Question

How do you avoid endogeneity problems and multicollinearity problems in your empirical work? Explain each

Answer 1

Endogeneity occurs when a variable, observed or unobserved, that is not included in our models, is related to a variable we incorporated in our model.

The regression model is given by: yi = β0 + β1x1i + . . . + βk xki + εi E (εi |x1i , . . . , xki) = 0

Once we have the information of our regressors, on average what we did not include in our model has no importance. E (yi |x1i , . . . , xki) = β0 + β1x1i + . . . + βk xki

Example: We want to explain wages and we use years of schooling as a covariate. Years of schooling is correlated with unobserved ability, and work ethic etc.

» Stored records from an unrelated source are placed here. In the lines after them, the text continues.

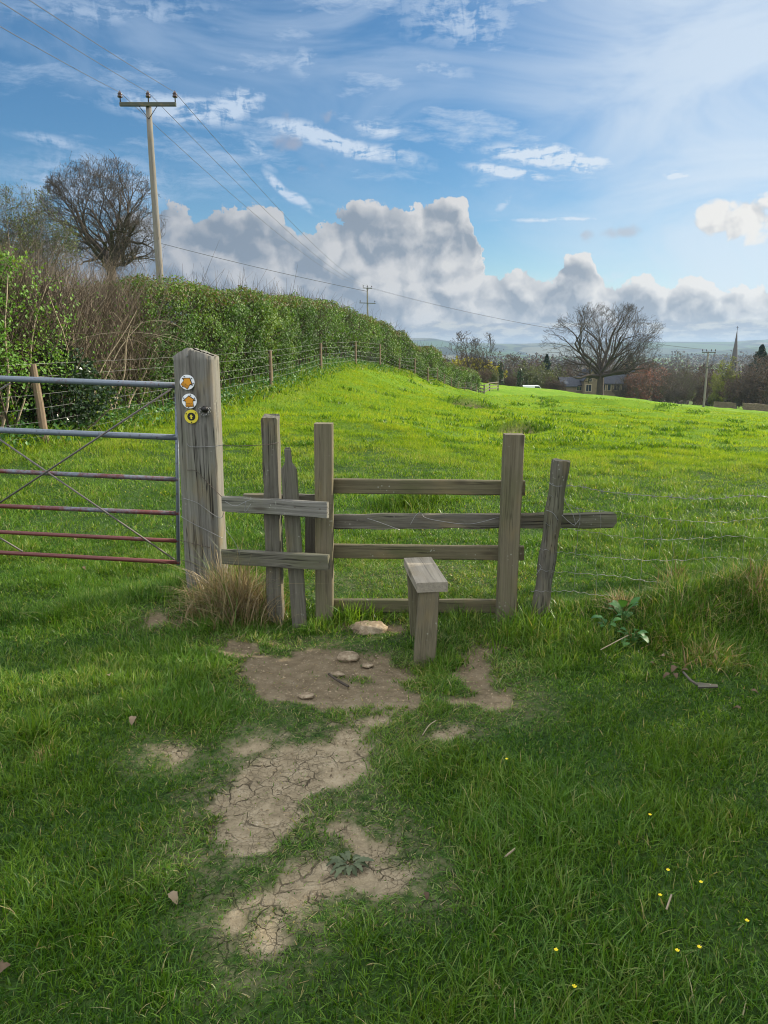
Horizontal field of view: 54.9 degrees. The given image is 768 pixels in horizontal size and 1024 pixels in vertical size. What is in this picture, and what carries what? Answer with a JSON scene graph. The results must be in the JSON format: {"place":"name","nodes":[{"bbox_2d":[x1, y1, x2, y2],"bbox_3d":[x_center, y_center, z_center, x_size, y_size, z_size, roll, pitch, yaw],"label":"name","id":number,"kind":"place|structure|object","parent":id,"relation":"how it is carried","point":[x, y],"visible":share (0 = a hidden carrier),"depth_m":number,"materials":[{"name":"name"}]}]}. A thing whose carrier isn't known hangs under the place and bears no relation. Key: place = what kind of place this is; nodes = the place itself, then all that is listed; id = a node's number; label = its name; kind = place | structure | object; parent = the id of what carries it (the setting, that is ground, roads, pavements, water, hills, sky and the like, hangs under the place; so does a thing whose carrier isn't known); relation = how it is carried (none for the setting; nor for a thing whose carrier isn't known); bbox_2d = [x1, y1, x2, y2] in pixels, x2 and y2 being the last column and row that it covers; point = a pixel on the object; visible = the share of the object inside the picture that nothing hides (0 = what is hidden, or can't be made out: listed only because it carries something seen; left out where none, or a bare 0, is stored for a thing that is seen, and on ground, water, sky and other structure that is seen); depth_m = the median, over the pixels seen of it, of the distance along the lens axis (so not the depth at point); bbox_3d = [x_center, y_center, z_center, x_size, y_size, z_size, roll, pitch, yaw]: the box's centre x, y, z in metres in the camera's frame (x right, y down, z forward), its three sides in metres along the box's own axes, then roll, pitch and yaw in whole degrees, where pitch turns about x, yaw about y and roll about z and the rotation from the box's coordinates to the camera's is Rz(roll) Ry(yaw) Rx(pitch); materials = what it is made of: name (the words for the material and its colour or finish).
{"place":"outdoors","nodes":[
{"label":"outdoors","id":0,"kind":"place"},
{"bbox_2d":[0,682,767,1023],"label":"grass","id":1,"kind":"structure","parent":0,"point":[488,792],"depth_m":2.35,"materials":[{"name":"plant"}]},
{"bbox_2d":[0,313,767,1023],"bbox_3d":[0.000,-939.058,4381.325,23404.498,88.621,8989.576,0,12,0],"label":"ground","id":2,"kind":"structure","parent":0,"point":[286,889],"depth_m":2.79,"materials":[{"name":"plant"}]},
{"bbox_2d":[0,960,9,971],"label":"dead leaf","id":3,"kind":"object","parent":2,"relation":"on","point":[3,965],"visible":1,"depth_m":1.91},
{"bbox_2d":[0,698,78,750],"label":"grass tuft","id":4,"kind":"object","parent":2,"relation":"on","point":[32,726],"visible":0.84,"depth_m":3.10,"materials":[{"name":"plant"}]},
{"bbox_2d":[0,179,84,300],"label":"budding tree","id":5,"kind":"object","parent":2,"relation":"on","point":[26,224],"visible":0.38,"depth_m":52.04,"materials":[{"name":"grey plant"}]},
{"bbox_2d":[21,743,63,764],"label":"dry grass clump","id":6,"kind":"object","parent":2,"relation":"on","point":[40,754],"visible":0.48,"depth_m":2.96,"materials":[{"name":"plant"}]},
{"bbox_2d":[0,220,120,437],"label":"leafy hedge","id":7,"kind":"object","parent":2,"relation":"on","point":[11,352],"visible":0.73,"depth_m":10.94,"materials":[{"name":"green plant"}]},
{"bbox_2d":[0,328,122,429],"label":"ivy bush","id":8,"kind":"object","parent":2,"relation":"on","point":[78,408],"visible":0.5,"depth_m":11.65,"materials":[{"name":"green plant"}]},
{"bbox_2d":[0,217,191,433],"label":"bare hedge","id":9,"kind":"object","parent":2,"relation":"on","point":[100,295],"visible":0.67,"depth_m":12.79,"materials":[{"name":"brown plant"}]},
{"bbox_2d":[35,149,168,282],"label":"oak tree","id":10,"kind":"object","parent":2,"relation":"on","point":[117,232],"visible":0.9,"depth_m":82.74,"materials":[{"name":"brown plant"}]},
{"bbox_2d":[117,90,177,354],"bbox_3d":[-7.400,-8.866,24.130,1.872,8.830,0.334,0,12,0],"label":"power pole","id":11,"kind":"object","parent":2,"relation":"on","point":[148,105],"visible":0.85,"depth_m":23.61,"materials":[{"name":"wood"}]},
{"bbox_2d":[0,26,118,91],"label":"overhead cable","id":12,"kind":"object","parent":11,"relation":"attached to","point":[53,56],"visible":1,"depth_m":14.58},
{"bbox_2d":[0,1,146,91],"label":"overhead cable","id":13,"kind":"object","parent":11,"relation":"attached to","point":[63,41],"visible":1,"depth_m":14.23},
{"bbox_2d":[29,0,173,91],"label":"overhead cable","id":14,"kind":"object","parent":11,"relation":"attached to","point":[92,41],"visible":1,"depth_m":14.44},
{"bbox_2d":[122,94,358,284],"bbox_3d":[-5.636,-22.633,65.117,0.015,1.928,86.301,1,12,3],"label":"overhead cable","id":15,"kind":"object","parent":11,"relation":"attached to","point":[218,182],"visible":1,"depth_m":32.59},
{"bbox_2d":[162,107,366,285],"bbox_3d":[-4.889,-22.669,65.281,0.015,1.928,86.620,1,12,3],"label":"overhead cable","id":16,"kind":"object","parent":11,"relation":"attached to","point":[231,177],"visible":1,"depth_m":32.34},
{"bbox_2d":[177,95,354,278],"bbox_3d":[-4.162,-22.705,65.445,0.015,1.928,86.942,1,12,3],"label":"overhead cable","id":17,"kind":"object","parent":11,"relation":"attached to","point":[252,180],"visible":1,"depth_m":32.94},
{"bbox_2d":[127,565,195,611],"bbox_3d":[-1.337,0.456,4.880,0.806,0.272,0.686,-4,13,-18],"label":"grass tuft","id":18,"kind":"object","parent":2,"relation":"on","point":[160,588],"visible":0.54,"depth_m":4.81,"materials":[{"name":"plant"}]},
{"bbox_2d":[167,890,177,904],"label":"dead leaf","id":19,"kind":"object","parent":2,"relation":"on","point":[173,895],"visible":1,"depth_m":2.19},
{"bbox_2d":[70,242,330,407],"bbox_3d":[-4.117,-5.292,21.243,3.723,4.117,16.579,2,13,9],"label":"hedge","id":20,"kind":"object","parent":2,"relation":"on","point":[238,323],"visible":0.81,"depth_m":18.53,"materials":[{"name":"green plant"}]},
{"bbox_2d":[173,348,227,590],"bbox_3d":[-1.157,-0.172,4.784,0.308,1.741,0.265,0,12,0],"label":"gatepost","id":21,"kind":"object","parent":2,"relation":"on","point":[198,395],"visible":0.86,"depth_m":4.67,"materials":[{"name":"grey wood"}]},
{"bbox_2d":[0,375,180,565],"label":"field gate","id":22,"kind":"structure","parent":21,"relation":"attached to","point":[102,382],"depth_m":4.99,"materials":[{"name":"metal"}]},
{"bbox_2d":[150,568,257,620],"bbox_3d":[-1.066,0.472,4.662,0.930,0.354,0.904,-4,13,-19],"label":"dry grass clump","id":23,"kind":"object","parent":2,"relation":"on","point":[189,597],"visible":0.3,"depth_m":4.58,"materials":[{"name":"plant"}]},
{"bbox_2d":[0,354,446,457],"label":"undergrowth","id":24,"kind":"object","parent":2,"relation":"on","point":[100,427],"visible":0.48,"depth_m":17.62,"materials":[{"name":"green plant"}]},
{"bbox_2d":[147,532,313,633],"bbox_3d":[-0.917,0.394,4.568,1.209,0.616,1.192,-5,13,-22],"label":"dry grass clump","id":25,"kind":"object","parent":2,"relation":"on","point":[240,594],"visible":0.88,"depth_m":4.50,"materials":[{"name":"plant"}]},
{"bbox_2d":[0,341,480,444],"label":"stock fence","id":26,"kind":"object","parent":2,"relation":"on","point":[40,410],"visible":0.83,"depth_m":13.58,"materials":[{"name":"metal"}]},
{"bbox_2d":[230,593,286,628],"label":"grass tuft","id":27,"kind":"object","parent":2,"relation":"on","point":[259,617],"visible":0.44,"depth_m":4.50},
{"bbox_2d":[297,692,313,698],"bbox_3d":[-0.376,0.887,3.567,0.084,0.021,0.054,0,12,0],"label":"stone","id":28,"kind":"object","parent":2,"relation":"on","point":[306,695],"visible":1,"depth_m":3.55,"materials":[{"name":"stone"}]},
{"bbox_2d":[294,613,337,636],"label":"grass tuft","id":29,"kind":"object","parent":2,"relation":"on","point":[311,628],"visible":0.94,"depth_m":4.43,"materials":[{"name":"plant"}]},
{"bbox_2d":[151,613,510,952],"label":"soil crumbs","id":30,"kind":"object","parent":2,"relation":"on","point":[305,879],"visible":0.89,"depth_m":3.03,"materials":[{"name":"soil"}]},
{"bbox_2d":[330,671,344,676],"bbox_3d":[-0.241,0.846,3.846,0.075,0.024,0.045,0,12,0],"label":"stone","id":31,"kind":"object","parent":2,"relation":"on","point":[338,674],"visible":0.94,"depth_m":3.83,"materials":[{"name":"stone"}]},
{"bbox_2d":[328,673,348,687],"bbox_3d":[-0.234,0.853,3.746,0.021,0.021,0.200,-8,15,-32],"label":"stick","id":32,"kind":"object","parent":2,"relation":"on","point":[338,680],"visible":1,"depth_m":3.72,"materials":[{"name":"brown wood"}]},
{"bbox_2d":[116,621,567,1000],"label":"straw litter","id":33,"kind":"object","parent":2,"relation":"on","point":[321,799],"visible":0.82,"depth_m":2.74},
{"bbox_2d":[292,588,402,638],"bbox_3d":[-0.194,0.586,4.602,0.925,0.244,0.616,0,12,0],"label":"grass tuft","id":34,"kind":"object","parent":2,"relation":"on","point":[353,616],"visible":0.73,"depth_m":4.52,"materials":[{"name":"plant"}]},
{"bbox_2d":[337,651,359,661],"bbox_3d":[-0.196,0.800,4.066,0.123,0.044,0.110,0,12,0],"label":"stone","id":35,"kind":"object","parent":2,"relation":"on","point":[348,656],"visible":1,"depth_m":4.04,"materials":[{"name":"stone"}]},
{"bbox_2d":[326,851,373,877],"bbox_3d":[-0.111,1.123,2.352,0.136,0.036,0.119,-9,15,-34],"label":"thistle rosette","id":36,"kind":"object","parent":2,"relation":"on","point":[338,867],"visible":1,"depth_m":2.34,"materials":[{"name":"green plant"}]},
{"bbox_2d":[359,285,375,342],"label":"power pole","id":37,"kind":"object","parent":2,"relation":"on","point":[367,288],"visible":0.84,"depth_m":107.77,"materials":[{"name":"wood"}]},
{"bbox_2d":[2,198,363,290],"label":"overhead cable","id":38,"kind":"object","parent":37,"relation":"attached to","point":[232,261],"visible":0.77,"depth_m":104.47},
{"bbox_2d":[349,621,387,634],"bbox_3d":[-0.091,0.701,4.409,0.232,0.088,0.155,0,12,0],"label":"stone","id":39,"kind":"object","parent":2,"relation":"on","point":[372,627],"visible":0.75,"depth_m":4.36,"materials":[{"name":"stone"}]},
{"bbox_2d":[5,350,767,451],"bbox_3d":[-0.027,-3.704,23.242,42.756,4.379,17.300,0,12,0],"label":"grass","id":40,"kind":"structure","parent":2,"relation":"on","point":[482,412],"depth_m":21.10,"materials":[{"name":"plant"}]},
{"bbox_2d":[10,329,767,424],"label":"grass","id":41,"kind":"structure","parent":2,"relation":"on","point":[709,416],"depth_m":41.69,"materials":[{"name":"plant"}]},
{"bbox_2d":[299,289,484,390],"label":"hedge","id":42,"kind":"object","parent":2,"relation":"on","point":[340,321],"visible":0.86,"depth_m":41.36,"materials":[{"name":"green plant"}]},
{"bbox_2d":[349,476,467,513],"bbox_3d":[0.348,-0.193,7.556,1.623,0.394,1.034,0,12,0],"label":"grass tuft","id":43,"kind":"object","parent":2,"relation":"on","point":[406,502],"visible":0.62,"depth_m":7.48,"materials":[{"name":"plant"}]},
{"bbox_2d":[221,414,616,667],"bbox_3d":[0.149,0.235,4.222,2.390,1.528,0.711,1,12,6],"label":"stile","id":44,"kind":"object","parent":2,"relation":"on","point":[427,583],"visible":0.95,"depth_m":4.39,"materials":[{"name":"grey wood"}]},
{"bbox_2d":[406,638,488,673],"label":"grass tuft","id":45,"kind":"object","parent":2,"relation":"on","point":[459,663],"visible":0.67,"depth_m":3.97,"materials":[{"name":"plant"}]},
{"bbox_2d":[447,330,487,369],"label":"bare tree","id":46,"kind":"object","parent":2,"relation":"on","point":[459,348],"visible":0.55,"depth_m":145.51,"materials":[{"name":"plant"}]},
{"bbox_2d":[452,356,485,371],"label":"flowering shrub","id":47,"kind":"object","parent":2,"relation":"on","point":[455,362],"visible":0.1,"depth_m":155.83,"materials":[{"name":"yellow plant"}]},
{"bbox_2d":[466,332,498,382],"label":"bare tree","id":48,"kind":"object","parent":2,"relation":"on","point":[489,352],"visible":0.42,"depth_m":153.92,"materials":[{"name":"plant"}]},
{"bbox_2d":[478,368,491,382],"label":"brown tree","id":49,"kind":"object","parent":2,"relation":"on","point":[484,376],"visible":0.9,"depth_m":115.69,"materials":[{"name":"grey plant"}]},
{"bbox_2d":[464,360,507,384],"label":"flowering shrub","id":50,"kind":"object","parent":2,"relation":"on","point":[496,369],"visible":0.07,"depth_m":158.28,"materials":[{"name":"yellow plant"}]},
{"bbox_2d":[478,376,498,393],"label":"rail fence","id":51,"kind":"object","parent":2,"relation":"on","point":[484,388],"visible":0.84,"depth_m":95.39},
{"bbox_2d":[487,369,499,383],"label":"budding tree","id":52,"kind":"object","parent":2,"relation":"on","point":[494,377],"visible":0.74,"depth_m":127.53,"materials":[{"name":"green plant"}]},
{"bbox_2d":[497,361,504,384],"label":"ivy stump","id":53,"kind":"object","parent":2,"relation":"on","point":[500,371],"visible":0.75,"depth_m":135.49,"materials":[{"name":"plant"}]},
{"bbox_2d":[486,348,522,385],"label":"bare tree","id":54,"kind":"object","parent":2,"relation":"on","point":[514,358],"visible":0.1,"depth_m":210.29,"materials":[{"name":"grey plant"}]},
{"bbox_2d":[504,373,523,386],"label":"brown tree","id":55,"kind":"object","parent":2,"relation":"on","point":[510,380],"visible":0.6,"depth_m":147.29,"materials":[{"name":"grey plant"}]},
{"bbox_2d":[503,352,530,373],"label":"bare tree","id":56,"kind":"object","parent":2,"relation":"on","point":[517,363],"visible":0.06,"depth_m":229.52,"materials":[{"name":"grey plant"}]},
{"bbox_2d":[516,369,524,386],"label":"ivy stump","id":57,"kind":"object","parent":2,"relation":"on","point":[520,378],"visible":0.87,"depth_m":135.65,"materials":[{"name":"plant"}]},
{"bbox_2d":[457,595,586,658],"bbox_3d":[0.825,0.606,4.253,0.791,0.267,0.813,-10,16,-39],"label":"grass tuft","id":58,"kind":"object","parent":2,"relation":"on","point":[505,627],"visible":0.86,"depth_m":4.20,"materials":[{"name":"plant"}]},
{"bbox_2d":[503,361,553,385],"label":"budding tree","id":59,"kind":"object","parent":2,"relation":"on","point":[527,372],"visible":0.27,"depth_m":185.33,"materials":[{"name":"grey plant"}]},
{"bbox_2d":[506,354,553,374],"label":"brown tree","id":60,"kind":"object","parent":2,"relation":"on","point":[533,358],"visible":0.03,"depth_m":254.22,"materials":[{"name":"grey plant"}]},
{"bbox_2d":[526,369,556,387],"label":"budding tree","id":61,"kind":"object","parent":2,"relation":"on","point":[537,381],"visible":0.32,"depth_m":171.25,"materials":[{"name":"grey plant"}]},
{"bbox_2d":[540,354,551,372],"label":"conifer tree","id":62,"kind":"object","parent":2,"relation":"on","point":[548,362],"visible":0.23,"depth_m":229.66,"materials":[{"name":"green plant"}]},
{"bbox_2d":[542,377,566,390],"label":"brown tree","id":63,"kind":"object","parent":2,"relation":"on","point":[555,384],"visible":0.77,"depth_m":156.92,"materials":[{"name":"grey plant"}]},
{"bbox_2d":[537,364,575,382],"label":"budding tree","id":64,"kind":"object","parent":2,"relation":"on","point":[557,373],"visible":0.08,"depth_m":191.38,"materials":[{"name":"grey plant"}]},
{"bbox_2d":[361,350,753,404],"bbox_3d":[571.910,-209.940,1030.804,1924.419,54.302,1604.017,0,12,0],"label":"woods","id":65,"kind":"object","parent":2,"relation":"on","point":[701,360],"visible":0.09,"depth_m":1190.47,"materials":[{"name":"plant"}]},
{"bbox_2d":[562,362,585,376],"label":"brown tree","id":66,"kind":"object","parent":2,"relation":"on","point":[569,365],"visible":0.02,"depth_m":235.75,"materials":[{"name":"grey plant"}]},
{"bbox_2d":[539,302,667,394],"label":"oak tree","id":67,"kind":"object","parent":2,"relation":"on","point":[600,371],"visible":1,"depth_m":152.42,"materials":[{"name":"brown plant"}]},
{"bbox_2d":[558,360,654,400],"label":"stone house","id":68,"kind":"structure","parent":2,"relation":"on","point":[581,386],"depth_m":183.69,"materials":[{"name":"stone"}]},
{"bbox_2d":[591,614,621,632],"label":"dock plant","id":69,"kind":"object","parent":2,"relation":"on","point":[604,620],"visible":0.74,"depth_m":4.11,"materials":[{"name":"green plant"}]},
{"bbox_2d":[584,584,647,613],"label":"dry grass clump","id":70,"kind":"object","parent":2,"relation":"on","point":[623,598],"visible":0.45,"depth_m":4.33,"materials":[{"name":"plant"}]},
{"bbox_2d":[611,376,630,397],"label":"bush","id":71,"kind":"object","parent":2,"relation":"on","point":[624,390],"visible":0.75,"depth_m":169.41,"materials":[{"name":"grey plant"}]},
{"bbox_2d":[608,597,639,622],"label":"dock plant","id":72,"kind":"object","parent":2,"relation":"on","point":[619,604],"visible":0.88,"depth_m":4.18,"materials":[{"name":"green plant"}]},
{"bbox_2d":[617,627,649,646],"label":"dock plant","id":73,"kind":"object","parent":2,"relation":"on","point":[643,636],"visible":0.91,"depth_m":3.99,"materials":[{"name":"green plant"}]},
{"bbox_2d":[624,370,653,398],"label":"red budding tree","id":74,"kind":"object","parent":2,"relation":"on","point":[640,386],"visible":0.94,"depth_m":167.49,"materials":[{"name":"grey plant"}]},
{"bbox_2d":[624,363,669,399],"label":"red budding tree","id":75,"kind":"object","parent":2,"relation":"on","point":[650,372],"visible":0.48,"depth_m":174.71,"materials":[{"name":"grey plant"}]},
{"bbox_2d":[531,458,767,618],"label":"wire fence","id":76,"kind":"object","parent":2,"relation":"on","point":[552,522],"visible":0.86,"depth_m":4.25,"materials":[{"name":"wood"}]},
{"bbox_2d":[652,359,676,401],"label":"bare tree","id":77,"kind":"object","parent":2,"relation":"on","point":[657,389],"visible":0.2,"depth_m":202.20,"materials":[{"name":"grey plant"}]},
{"bbox_2d":[645,552,698,586],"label":"dry grass clump","id":78,"kind":"object","parent":2,"relation":"on","point":[675,569],"visible":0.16,"depth_m":5.07,"materials":[{"name":"plant"}]},
{"bbox_2d":[655,350,692,402],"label":"tall tree","id":79,"kind":"object","parent":2,"relation":"on","point":[673,384],"visible":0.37,"depth_m":179.41,"materials":[{"name":"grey plant"}]},
{"bbox_2d":[660,372,688,402],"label":"bare tree","id":80,"kind":"object","parent":2,"relation":"on","point":[670,394],"visible":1,"depth_m":157.68,"materials":[{"name":"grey plant"}]},
{"bbox_2d":[602,594,746,656],"bbox_3d":[1.590,0.609,4.119,1.073,0.261,0.677,3,13,13],"label":"dry grass clump","id":81,"kind":"object","parent":2,"relation":"on","point":[659,630],"visible":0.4,"depth_m":4.09,"materials":[{"name":"plant"}]},
{"bbox_2d":[674,359,702,403],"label":"tall tree","id":82,"kind":"object","parent":2,"relation":"on","point":[688,397],"visible":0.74,"depth_m":175.09,"materials":[{"name":"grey plant"}]},
{"bbox_2d":[677,365,716,404],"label":"brown tree","id":83,"kind":"object","parent":2,"relation":"on","point":[697,399],"visible":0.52,"depth_m":185.47,"materials":[{"name":"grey plant"}]},
{"bbox_2d":[638,577,767,623],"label":"dry grass clump","id":84,"kind":"object","parent":2,"relation":"on","point":[701,604],"visible":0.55,"depth_m":4.23,"materials":[{"name":"plant"}]},
{"bbox_2d":[639,630,767,678],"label":"dry grass clump","id":85,"kind":"object","parent":2,"relation":"on","point":[716,650],"visible":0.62,"depth_m":3.84,"materials":[{"name":"plant"}]},
{"bbox_2d":[697,682,717,687],"bbox_3d":[1.550,0.831,3.540,0.092,0.021,0.024,1,12,7],"label":"rotten wood","id":86,"kind":"object","parent":2,"relation":"on","point":[704,685],"visible":1,"depth_m":3.54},
{"bbox_2d":[702,349,715,406],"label":"power pole","id":87,"kind":"object","parent":2,"relation":"on","point":[705,385],"visible":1,"depth_m":95.26,"materials":[{"name":"wood"}]},
{"bbox_2d":[694,361,727,406],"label":"bare tree","id":88,"kind":"object","parent":2,"relation":"on","point":[706,400],"visible":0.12,"depth_m":211.50,"materials":[{"name":"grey plant"}]},
{"bbox_2d":[707,371,727,405],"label":"willow tree","id":89,"kind":"object","parent":2,"relation":"on","point":[715,394],"visible":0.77,"depth_m":157.51,"materials":[{"name":"green plant"}]},
{"bbox_2d":[675,546,767,612],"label":"dry grass clump","id":90,"kind":"object","parent":2,"relation":"on","point":[759,579],"visible":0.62,"depth_m":4.26,"materials":[{"name":"plant"}]},
{"bbox_2d":[714,402,735,408],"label":"stone wall","id":91,"kind":"structure","parent":2,"relation":"on","point":[725,405],"depth_m":124.78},
{"bbox_2d":[712,356,743,401],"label":"willow tree","id":92,"kind":"object","parent":2,"relation":"on","point":[730,377],"visible":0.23,"depth_m":163.85,"materials":[{"name":"green plant"}]},
{"bbox_2d":[727,326,739,373],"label":"church","id":93,"kind":"structure","parent":2,"relation":"on","point":[735,352],"depth_m":605.23,"materials":[{"name":"stone"}]},
{"bbox_2d":[718,372,755,408],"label":"brown tree","id":94,"kind":"object","parent":2,"relation":"on","point":[735,386],"visible":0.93,"depth_m":147.47,"materials":[{"name":"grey plant"}]},
{"bbox_2d":[719,349,767,405],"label":"bare tree","id":95,"kind":"object","parent":2,"relation":"on","point":[757,359],"visible":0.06,"depth_m":161.85,"materials":[{"name":"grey plant"}]},
{"bbox_2d":[736,366,763,403],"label":"bare tree","id":96,"kind":"object","parent":2,"relation":"on","point":[745,396],"visible":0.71,"depth_m":147.00,"materials":[{"name":"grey plant"}]},
{"bbox_2d":[738,344,767,405],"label":"conifer tree","id":97,"kind":"object","parent":2,"relation":"on","point":[761,349],"visible":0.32,"depth_m":185.10,"materials":[{"name":"green plant"}]},
{"bbox_2d":[740,356,767,404],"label":"brown tree","id":98,"kind":"object","parent":2,"relation":"on","point":[763,376],"visible":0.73,"depth_m":146.80,"materials":[{"name":"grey plant"}]},
{"bbox_2d":[742,403,767,411],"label":"stone wall","id":99,"kind":"structure","parent":2,"relation":"on","point":[754,406],"depth_m":116.12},
{"bbox_2d":[0,526,767,704],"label":"grass","id":100,"kind":"structure","parent":0,"point":[83,602],"depth_m":4.32,"materials":[{"name":"plant"}]},
{"bbox_2d":[0,406,767,535],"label":"grass","id":101,"kind":"structure","parent":0,"point":[754,459],"depth_m":9.56,"materials":[{"name":"plant"}]},
{"bbox_2d":[0,0,767,343],"label":"sky","id":102,"kind":"structure","parent":0,"point":[532,162],"materials":[{"name":"blue"}]},
{"bbox_2d":[322,338,767,355],"bbox_3d":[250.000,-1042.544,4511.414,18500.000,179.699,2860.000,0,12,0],"label":"hills","id":103,"kind":"structure","parent":0,"point":[531,349],"depth_m":4374.00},
{"bbox_2d":[339,346,767,358],"bbox_3d":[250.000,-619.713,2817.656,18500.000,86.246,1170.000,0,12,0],"label":"hills","id":104,"kind":"structure","parent":0,"point":[449,353],"depth_m":2927.18,"materials":[{"name":"plant"}]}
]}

There are various instruments we use to avoid endogeneity. Eg. We are modeling income as a function of education. Education is endogenous. Quarter of birth is an instrument, albeit weak. We are modeling the demand for fish. We need to exclude the supply shocks and keep only the demand shocks. Rain is an instrument.

Variables:

We model Y as a function of X1 and X2 & X1 is endogenous .We can model X1 .X1 can be divided into two parts; an endogenous part and an exogenous part X1 = f(X2, Z) + ν. Z are variables that affect Y only through X1. Z are referred to as intrumental variables or excluded instruments.

The solution is the get a consistent estimate of the exogenous part and get rid of the endogenous part An example is two-stage least squares In two-stage least squares both relationships are linear.

Multicollinearity occurs when independent variables in a regression model are correlated. This correlation is a problem because independent variables should be independent. If the degree of correlation between variables is high enough, it can cause problems when you fit the model and interpret the results.

Multicollinearity causes the following two basic types of problems:

The coefficients become very sensitive to small changes in the model. Multicollinearity reduces the precision of the estimate coefficients, which weakens the statistical power of your regression model.

The need to reduce multicollinearity depends on its severity and your primary goal for your regression model.

1. The severity of the problems increases with the degree of the multicollinearity. Therefore, if you have only moderate multicollinearity, you may not need to resolve it.
2. Multicollinearity affects only the specific independent variables that are correlated. Therefore, if multicollinearity is not present for the independent variables that you are particularly interested in, you may not need to resolve it.
3. Multicollinearity affects the coefficients and p-values, but it does not influence the predictions, precision of the predictions, and the goodness-of-fit statistics.